The data should be written out in full, exactly as it stands, and the pictures dropped.

(Collected data)
· · · · ·
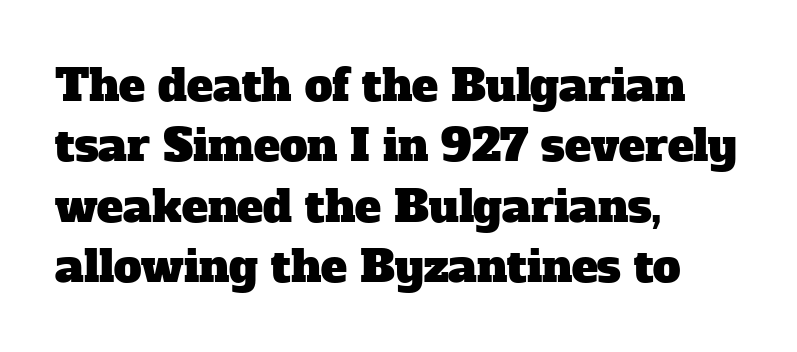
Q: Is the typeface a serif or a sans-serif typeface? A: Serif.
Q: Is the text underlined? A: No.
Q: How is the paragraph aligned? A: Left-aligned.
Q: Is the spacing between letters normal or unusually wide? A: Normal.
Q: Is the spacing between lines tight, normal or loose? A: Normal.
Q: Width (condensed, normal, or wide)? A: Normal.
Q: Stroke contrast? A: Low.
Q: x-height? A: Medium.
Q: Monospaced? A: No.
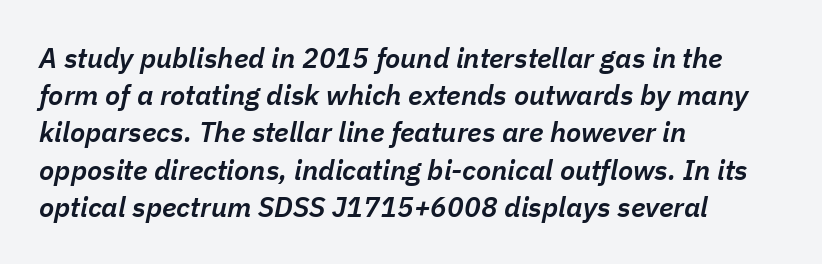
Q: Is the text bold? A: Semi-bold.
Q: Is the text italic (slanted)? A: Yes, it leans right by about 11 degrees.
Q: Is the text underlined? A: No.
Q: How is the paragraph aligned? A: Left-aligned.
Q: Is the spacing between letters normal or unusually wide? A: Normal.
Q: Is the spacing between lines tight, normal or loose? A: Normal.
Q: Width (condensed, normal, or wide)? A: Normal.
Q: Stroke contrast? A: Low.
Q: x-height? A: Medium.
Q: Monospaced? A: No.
· · · · ·
[The completed task]
Q: Is the typeface a serif or a sans-serif typeface? A: Serif.
Q: Is the text underlined? A: No.
Q: How is the paragraph aligned? A: Left-aligned.
Q: Is the spacing between letters normal or unusually wide? A: Normal.
Q: Is the spacing between lines tight, normal or loose? A: Normal.
Q: Width (condensed, normal, or wide)? A: Normal.
Q: Stroke contrast? A: Low.
Q: x-height? A: Medium.
Q: Monospaced? A: No.
Q: Is the text bold? A: Semi-bold.
Q: Is the text italic (slanted)? A: Yes, it leans right by about 11 degrees.
Q: Is the text underlined? A: No.
Q: How is the paragraph aligned? A: Left-aligned.
Q: Is the spacing between letters normal or unusually wide? A: Normal.
Q: Is the spacing between lines tight, normal or loose? A: Normal.
Q: Width (condensed, normal, or wide)? A: Normal.
Q: Stroke contrast? A: Low.
Q: x-height? A: Medium.
Q: Monospaced? A: No.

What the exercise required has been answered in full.